Dann sah er zu Marianne.

Sie stand noch immer neben dem Weihnachtsbaum.

Langsam setzte sie sich.

„Friedrich hat mir vor seinem Tod etwas gegeben.“

Daniel schloss die Augen.

„Mutter, bitte.“

„Nein.“

Marianne sah mich an.

„Ich habe acht Jahre lang geschwiegen. Heute nicht mehr.“

Sie führte uns nach oben.

In ihr Schlafzimmer.

Aus einem kleinen Safe hinter einem Gemälde holte sie eine Schmuckschatulle.

Darin lagen Orden, alte Briefe und ein goldener Siegelring ihres Mannes.

Sie drehte den Ring.

Die obere Platte ließ sich abschrauben.

Im Inneren befand sich eine winzige Speicherkarte.

Weber starrte sie an.

„Hat Ihr Mann gesagt, was darauf ist?“

Marianne nickte.

„Nur einen Satz.“

„Welchen?“

Sie sah zu Daniel.

„Wenn irgendwann jemand wegen Kira kommt, gib ihr das.“

Niemand sprach.

Friedrich Reuter hatte mich diskreditieren lassen.

Er hatte seinen Sohn dazu gebracht, mich zu verlassen.

Er hatte geholfen, die Existenz meiner Kinder aus der Familiengeschichte zu löschen.

Und trotzdem hatte er vor seinem Tod etwas für mich hinterlassen.

Das machte ihn nicht zu meinem Verbündeten.

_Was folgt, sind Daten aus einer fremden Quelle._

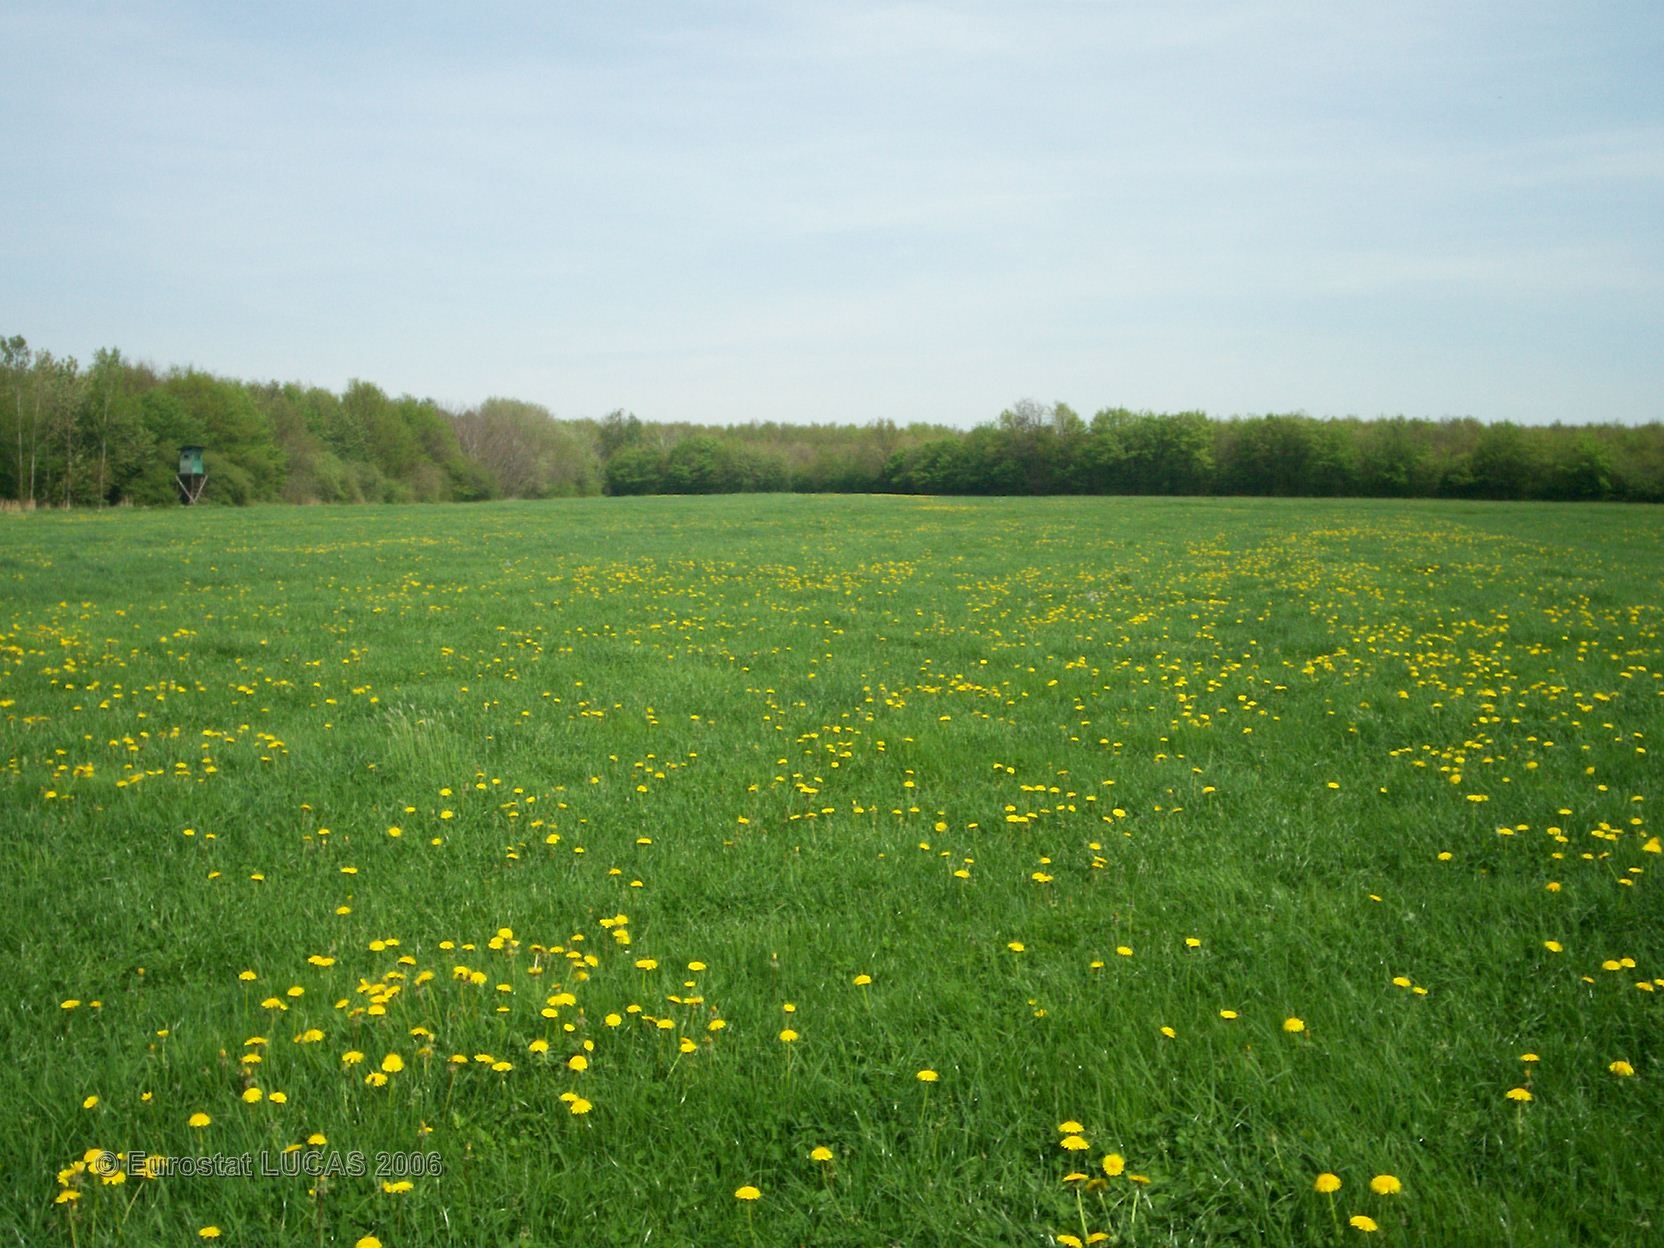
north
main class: Grassland
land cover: Grassland without tree/shrub cover
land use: Agriculture (excluding fallow land and kitchen gardens)
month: May
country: FR
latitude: 48.9407
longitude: 7.0652
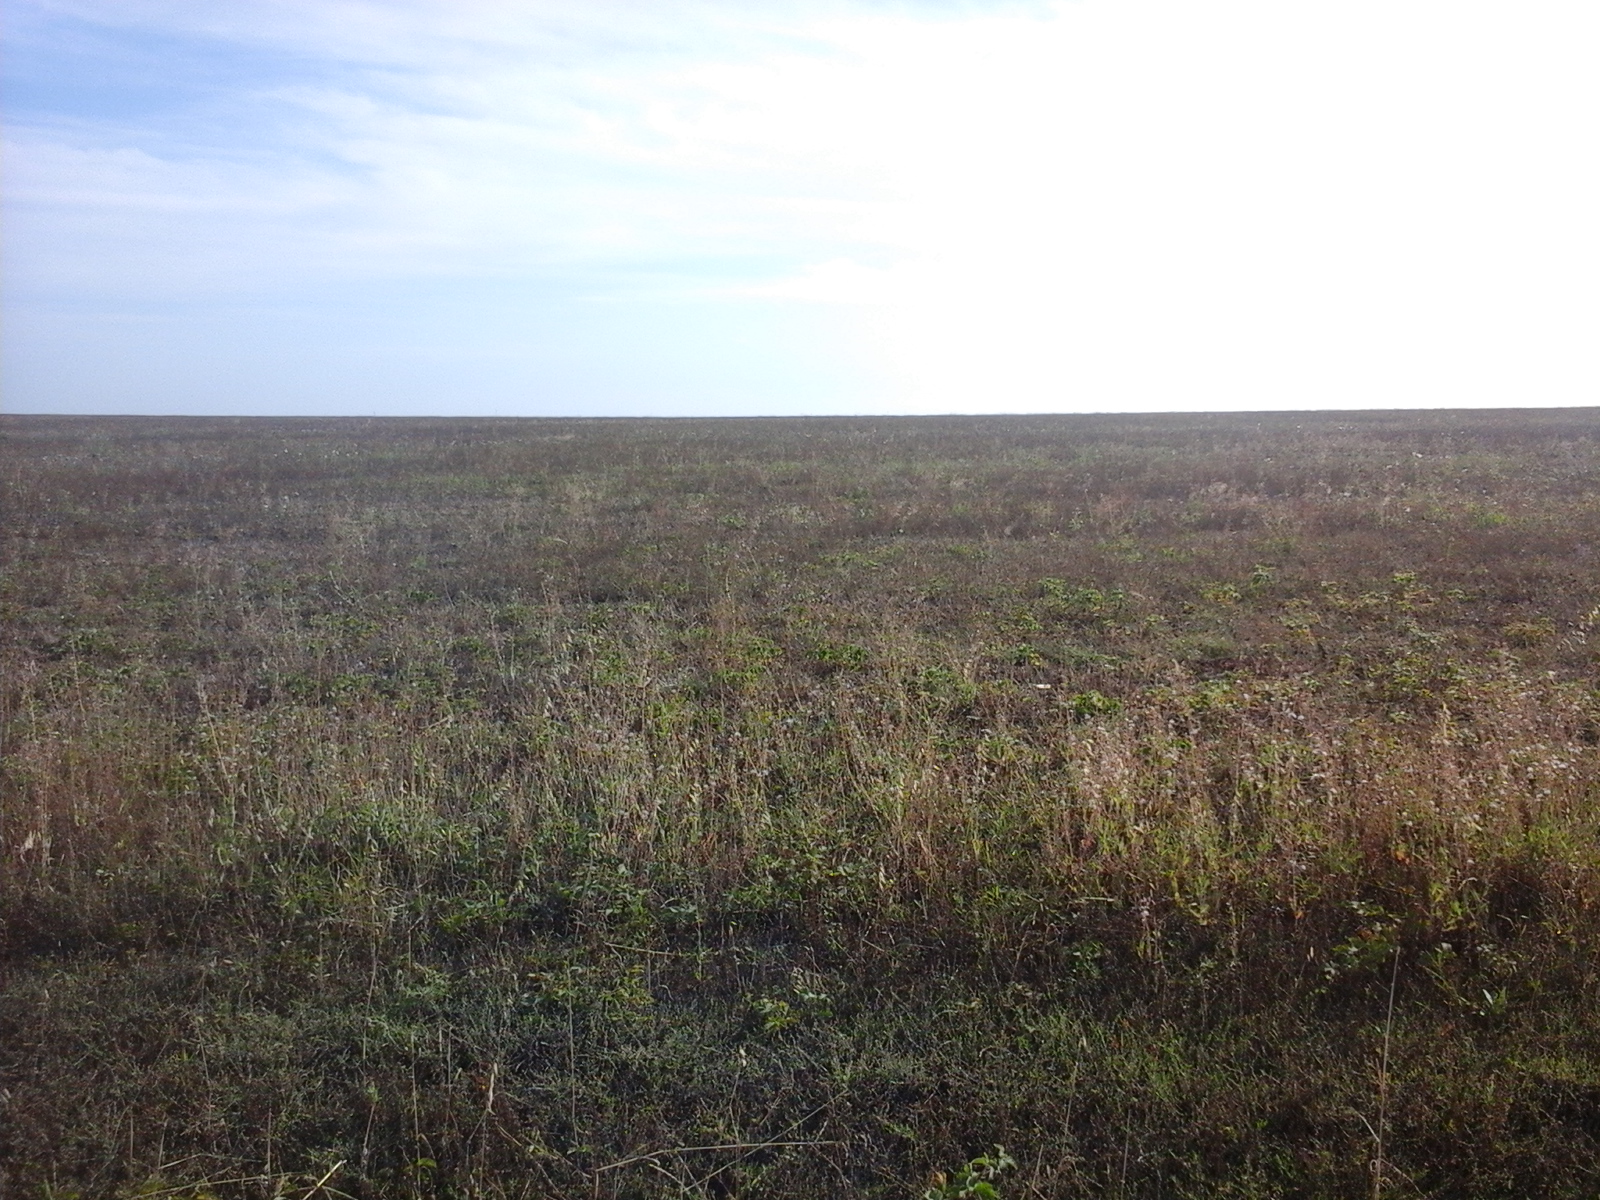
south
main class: Cropland
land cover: Sunflower
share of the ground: > 75 %
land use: Agriculture (excluding fallow land and kitchen gardens)
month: August
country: RO
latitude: 46.0370
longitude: 21.3393
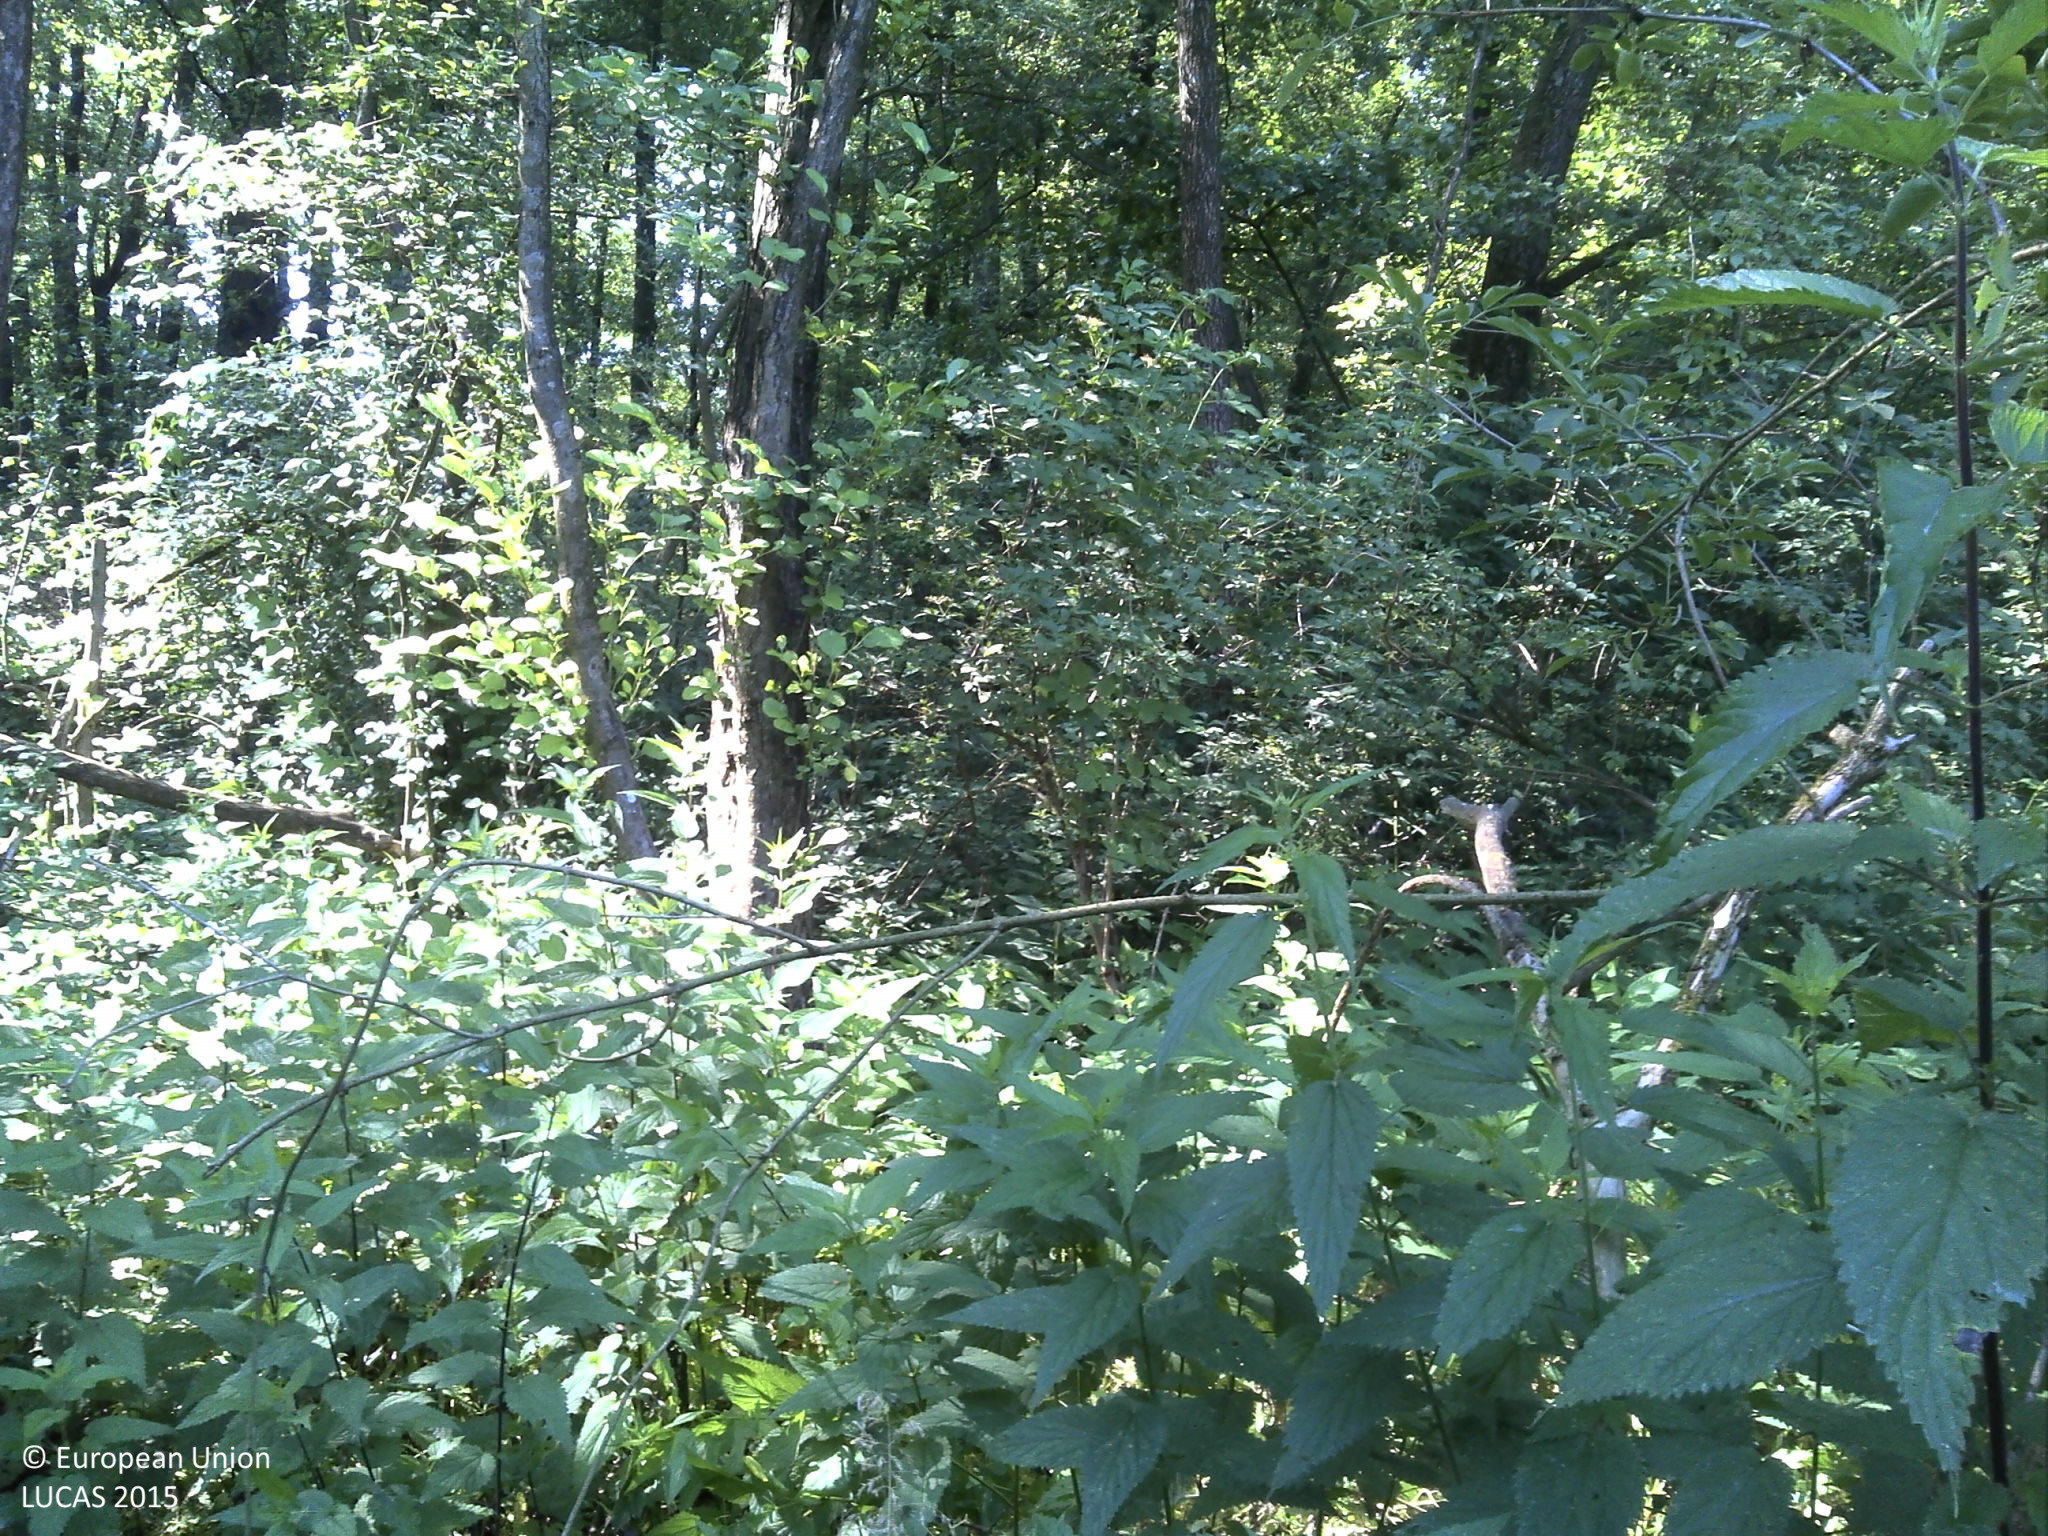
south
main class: Woodland
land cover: Broadleaved woodland
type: mesophytic deciduous forest
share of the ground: > 75 %
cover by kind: broadleaved forest trees 95 %, shrubs 5 %
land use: Forestry
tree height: > 5 m
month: June
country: HR
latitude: 45.3724
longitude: 17.8810
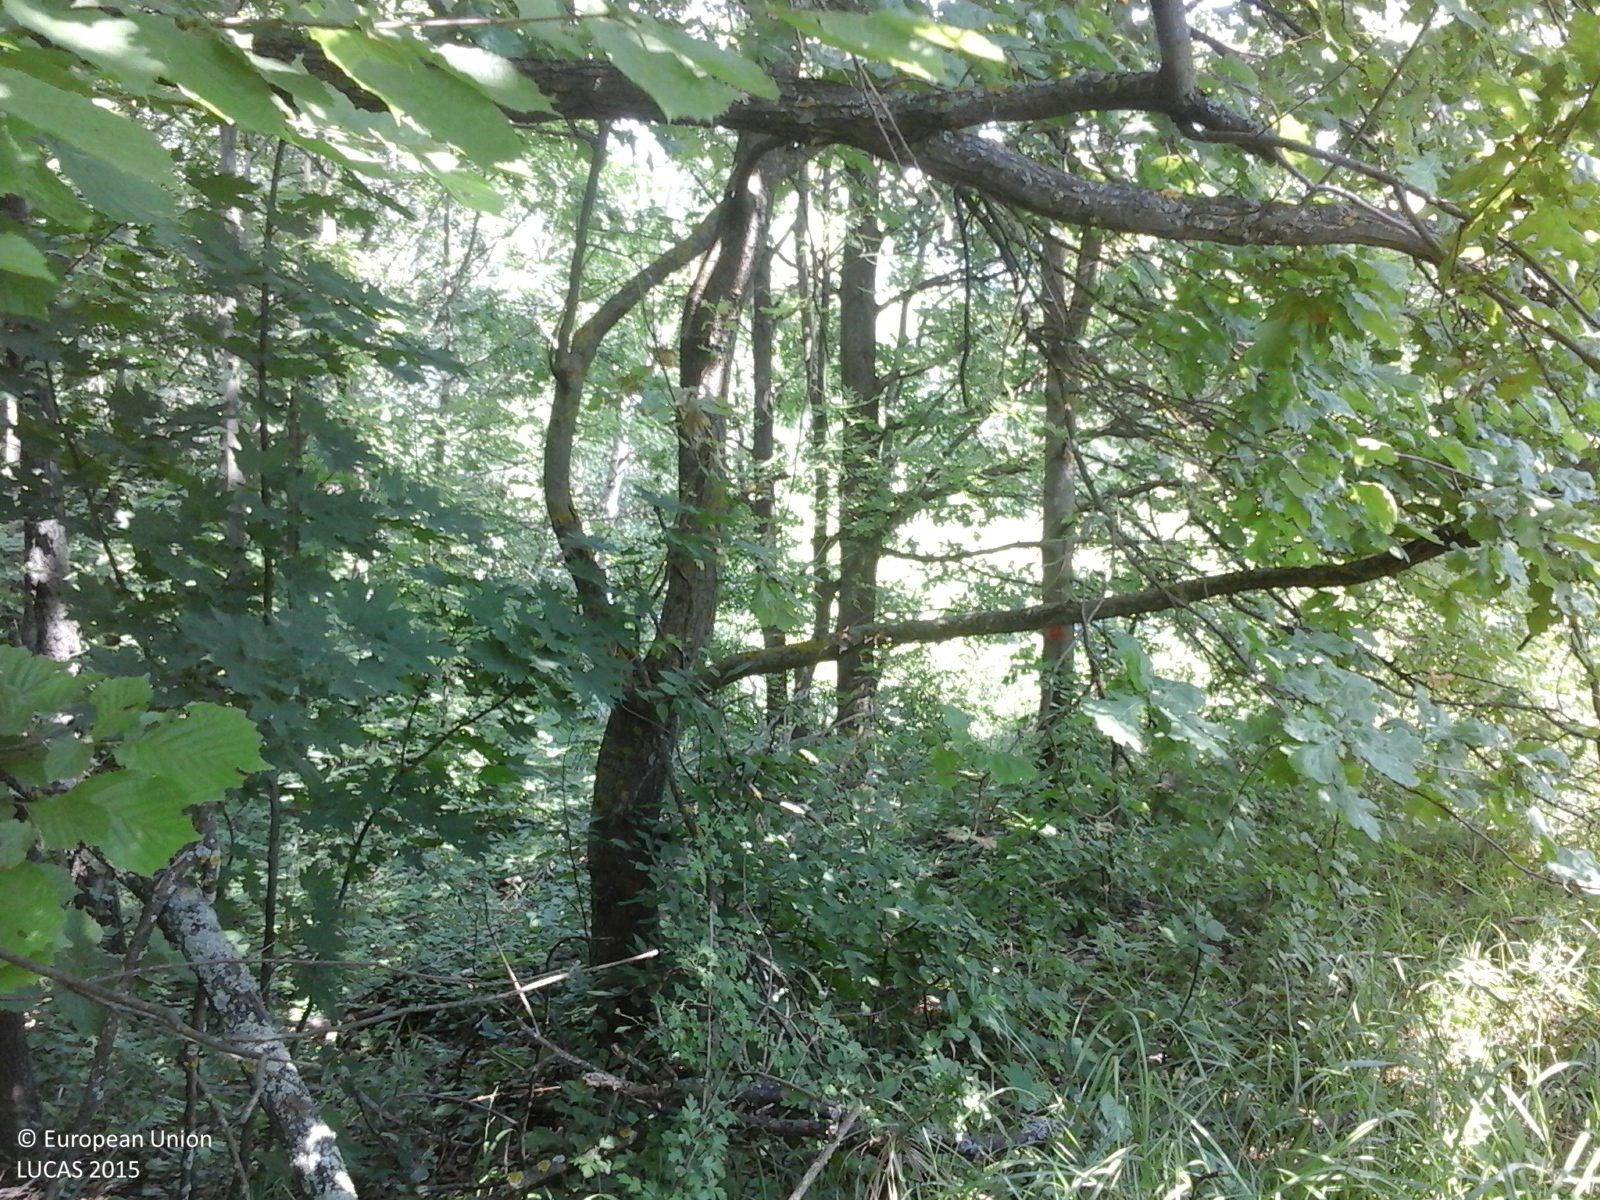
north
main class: Woodland
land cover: Broadleaved woodland
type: beech forest
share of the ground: > 75 %
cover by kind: broadleaved forest trees 85 %, herbaceous plants 10 %, shrubs 5 %
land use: Forestry
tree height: > 5 m
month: June
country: RO
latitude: 46.7415
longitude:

Es bedeutete nur, dass er irgendwann Angst vor den Menschen bekommen hatte, mit denen er zusammengearbeitet hatte.

Die Speicherkarte wurde gesichert und auf einem isolierten Gerät geöffnet.

Darauf befand sich nur eine Datei.

Eine Tabelle.

Zahlungen über fast fünfzehn Jahre.

Deckfirmen.

Konten.

Empfängerkennungen.

Hartmann scrollte langsam.

Dann hielt er inne.

Eine Kennung tauchte immer wieder auf.

VA-17.

Viktor Albrecht.

Daneben eine zweite.

DR-04.

Ich sah Daniel an.

„Das bist du.“

„Nein.“

„Deine Initialen.“

„Ich habe nie Geld genommen.“

Weber überprüfte die zugehörigen Kontodaten.

Sekunden später runzelte er die Stirn.

„DR-04 gehört nicht Daniel Reuter.“

Hartmann sah auf den Bildschirm.

„Wem dann?“

Weber öffnete den hinterlegten Datensatz.

Der Name erschien.

Dr. David Riemann.

Ehemaliger Bundeswehrarzt.

Der Arzt, dessen Unterschrift auf den gefälschten medizinischen Unterlagen aus meinem Scheidungsverfahren stand.

Der Mann, der zu diesem Zeitpunkt angeblich bereits sechs Monate tot gewesen war.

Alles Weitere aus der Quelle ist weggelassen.